Chinese Yuan Two Year Low Against Dollar as Interest Rate Differential Widens and Economic Growth Shrivels

The Chinese Yuan, or Renminbi as it also known continues to crumble as the U.S. dollar marches back towards a 20-year high. The WSJ Dollar Index is now less than 1% off its 20-year high set on July 14. On Tuesday, the onshore yuan traded over 6.86 to the dollar at levels last seen in August 2020. The currency weakened past 6.88 in the offshore market, taking its year-to-date decline against the dollar to more than 8%. On Tuesday morning, the PBoC set the midpoint fix at more than 6.85 yuan to the dollar.

The dollar had rallied unrelentingly in the first half of the year, before softening in recent weeks as markets bet that the Federal Reserve would pivot to less-aggressive rate increases soon.
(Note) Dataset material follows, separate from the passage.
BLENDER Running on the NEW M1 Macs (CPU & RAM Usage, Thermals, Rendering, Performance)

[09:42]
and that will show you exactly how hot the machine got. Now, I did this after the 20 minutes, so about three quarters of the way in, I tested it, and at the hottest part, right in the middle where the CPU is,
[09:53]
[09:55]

The surge in interest rates and the de-risking of the world is one factor but there are other particular influences. With regards to volatility in currency markets, these huge moves act like rubber bands when its crowded. The more stretched an exchange rate is, the bigger, faster and more painful the eventual correction. What is the catalyst? There is the obvious, a peace deal in Ukraine or a dovish Fed. However, it is usually something not expected.
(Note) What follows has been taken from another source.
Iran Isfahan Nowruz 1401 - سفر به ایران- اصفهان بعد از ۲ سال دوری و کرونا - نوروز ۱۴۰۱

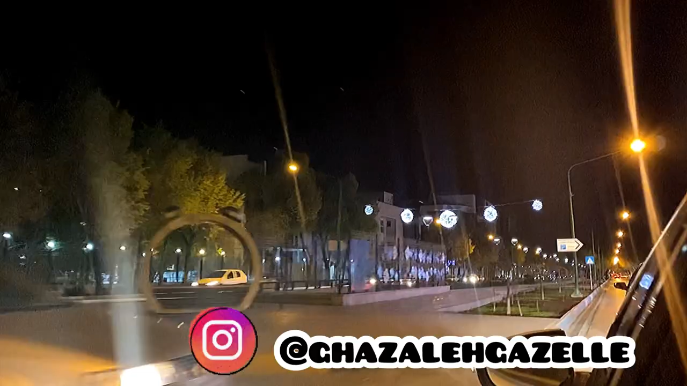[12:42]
that is again charbrook street but as you know there are two charbrooks one north and then well we say down and up this one's the up one

The reality is the recovery from the pandemic is not yet complete and we have the specter of a US recession darkening the scene. The strong dollar adds to the pressure to tighten as weak currencies exacerbate imported inflation.
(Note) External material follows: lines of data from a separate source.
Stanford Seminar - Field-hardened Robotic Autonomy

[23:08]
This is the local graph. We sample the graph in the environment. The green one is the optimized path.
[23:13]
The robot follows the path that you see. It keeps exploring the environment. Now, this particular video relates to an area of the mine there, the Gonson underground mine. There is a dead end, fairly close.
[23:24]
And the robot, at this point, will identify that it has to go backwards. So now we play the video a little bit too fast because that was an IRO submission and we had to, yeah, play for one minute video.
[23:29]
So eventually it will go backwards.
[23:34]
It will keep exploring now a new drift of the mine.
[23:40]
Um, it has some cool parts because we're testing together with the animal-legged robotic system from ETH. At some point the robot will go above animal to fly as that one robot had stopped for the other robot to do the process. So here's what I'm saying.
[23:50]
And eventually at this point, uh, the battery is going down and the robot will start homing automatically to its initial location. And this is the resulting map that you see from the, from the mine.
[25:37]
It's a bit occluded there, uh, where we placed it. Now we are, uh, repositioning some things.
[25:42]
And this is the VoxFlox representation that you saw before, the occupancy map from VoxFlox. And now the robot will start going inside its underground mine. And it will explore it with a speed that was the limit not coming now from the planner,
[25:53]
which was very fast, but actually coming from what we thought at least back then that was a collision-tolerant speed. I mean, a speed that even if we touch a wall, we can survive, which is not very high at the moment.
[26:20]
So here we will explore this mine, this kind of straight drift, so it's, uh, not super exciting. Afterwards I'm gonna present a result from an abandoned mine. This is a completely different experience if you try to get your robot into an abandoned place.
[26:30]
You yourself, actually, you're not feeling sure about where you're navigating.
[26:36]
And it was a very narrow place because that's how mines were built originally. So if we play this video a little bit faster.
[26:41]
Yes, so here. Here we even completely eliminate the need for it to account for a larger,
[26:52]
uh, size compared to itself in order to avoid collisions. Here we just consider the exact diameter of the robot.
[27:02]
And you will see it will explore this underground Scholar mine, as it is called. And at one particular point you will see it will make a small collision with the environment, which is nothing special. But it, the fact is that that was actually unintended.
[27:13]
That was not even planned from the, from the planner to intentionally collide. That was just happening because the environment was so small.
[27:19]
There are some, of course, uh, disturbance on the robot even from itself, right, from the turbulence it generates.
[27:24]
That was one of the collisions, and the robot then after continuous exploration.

  • USD/CNY is the onshore yuan and is permitted to trade plus or minus 2% from the daily reference rate.
  • CNH is the offshore yuan. USD/CNH has no restrictions on its trading range.
  • A significantly stronger or weaker rate than expected is typically considered a signal from the PBOC.
  • The IMF lifted the yuan’s weighting in its Special Drawing Rights currency basket in May

Yuan weakness continued with its real estate crisis overhanging, dropping to its weakest level against the U.S. dollar in two years. It is likely to depreciate further as the country’s central bank moves to combat a slowing economy and a deep housing downturn.

On Tuesday, the yuan traded at more than 6.86 to the dollar in China’s tightly controlled onshore market, hitting levels last seen in August 2020. The currency weakened past 6.88 in the more freely traded offshore market, taking its year-to-date decline against the dollar to more than 8%.

The latest selloff in the yuan, or the renminbi accelerated as the U.S. dollar marched higher. Recent data releases also show China’s economy in rude health. Factory output, investment, consumer spending and youth employment numbers in July all pointed to broad economic weakness. China’s economy contracted by 2.6% in the April-to-June quarter from the first quarter of the year, official data released last month showed.

USDCNH Hits 2 Year Low

During July the PBOC cut the 5-year loan prime rate to 4.45% from 4.6% to boost the economy and cut short term rates further this past week. Beijing has warned against criticism of its dynamic zero-COVID policy. The zero-tolerance approach, which depends on strictest lockdowns and mass testing, has weighed heavily on the already slowing economy and raised the need for further policy easing.

On Aug. 19, the central bank also signaled its preference for a weaker yuan by setting its daily midpoint fix for onshore trading at more than 6.80 against the dollar. This was the first time it had crossed that level in 23 months. The PBOC allows the currency to trade within a daily range of 2% up or down against the dollar from its target level. The market is asking where the upper band is now?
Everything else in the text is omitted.